EXERCISE INPUTS ▸
⁂
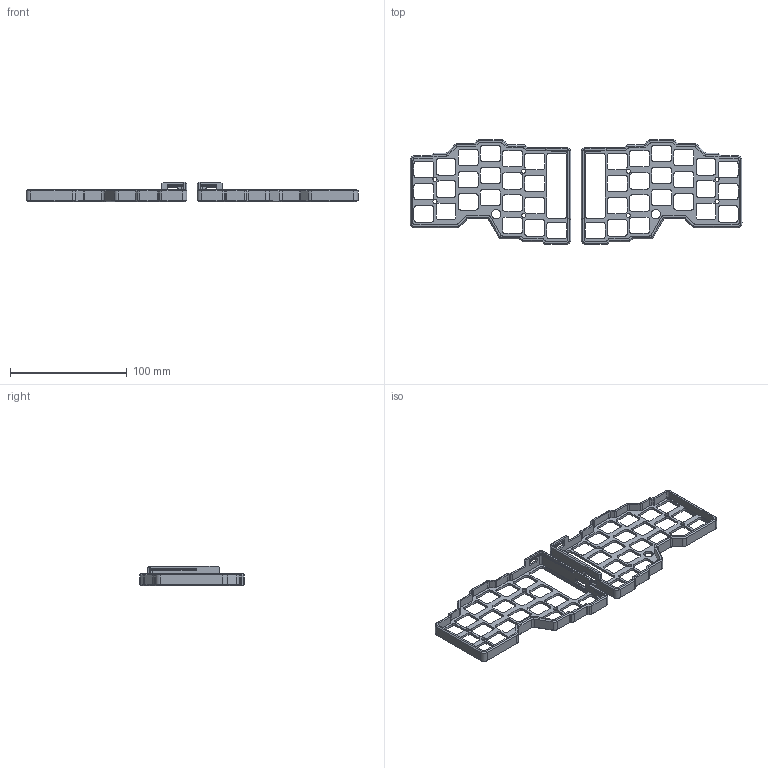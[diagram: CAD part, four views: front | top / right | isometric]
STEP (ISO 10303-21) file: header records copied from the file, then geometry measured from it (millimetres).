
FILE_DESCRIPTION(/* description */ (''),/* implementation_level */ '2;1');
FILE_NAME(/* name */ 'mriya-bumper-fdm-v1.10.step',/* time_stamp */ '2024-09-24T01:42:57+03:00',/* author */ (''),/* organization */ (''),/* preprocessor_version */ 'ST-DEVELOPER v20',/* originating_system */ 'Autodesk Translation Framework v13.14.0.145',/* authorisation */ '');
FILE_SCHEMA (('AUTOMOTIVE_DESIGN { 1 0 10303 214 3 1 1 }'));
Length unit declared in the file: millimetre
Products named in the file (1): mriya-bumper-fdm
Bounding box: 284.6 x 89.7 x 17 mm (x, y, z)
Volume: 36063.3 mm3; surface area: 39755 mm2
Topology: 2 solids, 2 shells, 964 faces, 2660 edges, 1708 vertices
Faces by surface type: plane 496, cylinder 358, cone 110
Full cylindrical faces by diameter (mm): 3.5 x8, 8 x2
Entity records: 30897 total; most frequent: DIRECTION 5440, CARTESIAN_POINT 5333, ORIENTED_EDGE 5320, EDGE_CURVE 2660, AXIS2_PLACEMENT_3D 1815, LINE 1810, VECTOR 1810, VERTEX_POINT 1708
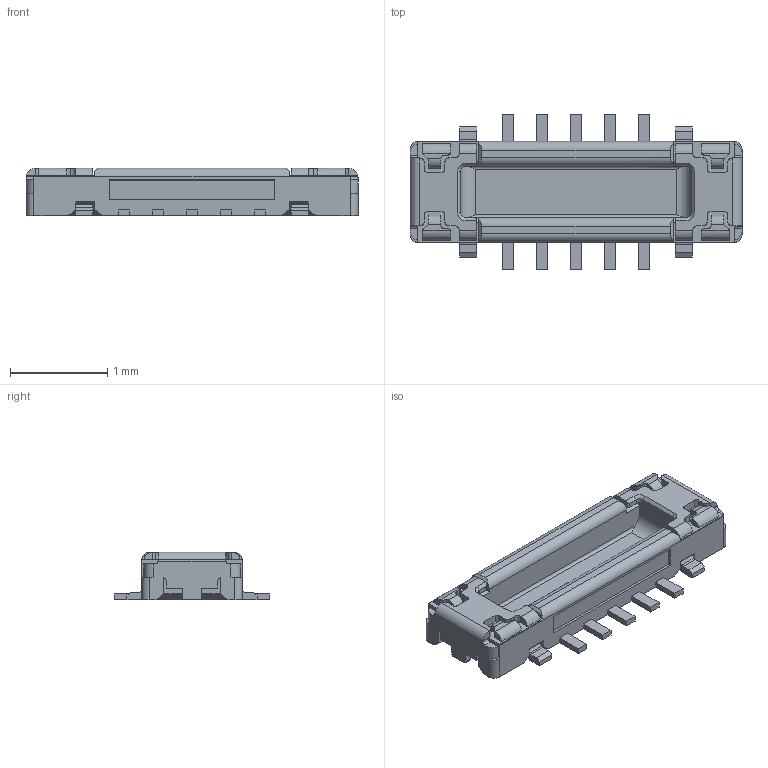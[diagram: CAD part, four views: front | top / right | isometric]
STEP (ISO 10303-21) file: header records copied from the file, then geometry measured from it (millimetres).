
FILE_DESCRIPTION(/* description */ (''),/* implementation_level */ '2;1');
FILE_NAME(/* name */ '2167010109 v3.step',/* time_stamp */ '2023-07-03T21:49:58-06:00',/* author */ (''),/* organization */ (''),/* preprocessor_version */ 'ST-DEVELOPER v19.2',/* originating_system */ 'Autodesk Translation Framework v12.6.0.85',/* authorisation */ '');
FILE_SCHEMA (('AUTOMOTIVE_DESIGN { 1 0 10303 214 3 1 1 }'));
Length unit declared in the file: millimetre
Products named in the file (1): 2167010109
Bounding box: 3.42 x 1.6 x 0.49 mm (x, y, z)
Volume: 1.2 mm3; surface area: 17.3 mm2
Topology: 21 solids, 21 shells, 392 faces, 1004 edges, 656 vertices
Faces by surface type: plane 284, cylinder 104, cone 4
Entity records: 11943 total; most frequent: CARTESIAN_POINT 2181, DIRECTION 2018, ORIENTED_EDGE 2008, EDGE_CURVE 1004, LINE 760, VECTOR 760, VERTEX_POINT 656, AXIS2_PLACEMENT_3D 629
⁂
TASK DIRECTIONS ▸
No pictures belong in the copy. Repeat the entries exactly.

TASK ANSWER ▸
[diagram: CAD part, four views: front | top / right | isometric]
STEP (ISO 10303-21) file: header records copied from the file, then geometry measured from it (millimetres).
FILE_DESCRIPTION(/* description */ (''),/* implementation_level */ '2;1');
FILE_NAME(/* name */ 'mriya-bumper-fdm-v1.10.step',/* time_stamp */ '2024-09-24T01:42:57+03:00',/* author */ (''),/* organization */ (''),/* preprocessor_version */ 'ST-DEVELOPER v20',/* originating_system */ 'Autodesk Translation Framework v13.14.0.145',/* authorisation */ '');
FILE_SCHEMA (('AUTOMOTIVE_DESIGN { 1 0 10303 214 3 1 1 }'));
Length unit declared in the file: millimetre
Products named in the file (1): mriya-bumper-fdm
Bounding box: 284.6 x 89.7 x 17 mm (x, y, z)
Volume: 36063.3 mm3; surface area: 39755 mm2
Topology: 2 solids, 2 shells, 964 faces, 2660 edges, 1708 vertices
Faces by surface type: plane 496, cylinder 358, cone 110
Full cylindrical faces by diameter (mm): 3.5 x8, 8 x2
Entity records: 30897 total; most frequent: DIRECTION 5440, CARTESIAN_POINT 5333, ORIENTED_EDGE 5320, EDGE_CURVE 2660, AXIS2_PLACEMENT_3D 1815, LINE 1810, VECTOR 1810, VERTEX_POINT 1708
[diagram: CAD part, four views: front | top / right | isometric]
STEP (ISO 10303-21) file: header records copied from the file, then geometry measured from it (millimetres).
FILE_DESCRIPTION(/* description */ (''),/* implementation_level */ '2;1');
FILE_NAME(/* name */ '2167010109 v3.step',/* time_stamp */ '2023-07-03T21:49:58-06:00',/* author */ (''),/* organization */ (''),/* preprocessor_version */ 'ST-DEVELOPER v19.2',/* originating_system */ 'Autodesk Translation Framework v12.6.0.85',/* authorisation */ '');
FILE_SCHEMA (('AUTOMOTIVE_DESIGN { 1 0 10303 214 3 1 1 }'));
Length unit declared in the file: millimetre
Products named in the file (1): 2167010109
Bounding box: 3.42 x 1.6 x 0.49 mm (x, y, z)
Volume: 1.2 mm3; surface area: 17.3 mm2
Topology: 21 solids, 21 shells, 392 faces, 1004 edges, 656 vertices
Faces by surface type: plane 284, cylinder 104, cone 4
Entity records: 11943 total; most frequent: CARTESIAN_POINT 2181, DIRECTION 2018, ORIENTED_EDGE 2008, EDGE_CURVE 1004, LINE 760, VECTOR 760, VERTEX_POINT 656, AXIS2_PLACEMENT_3D 629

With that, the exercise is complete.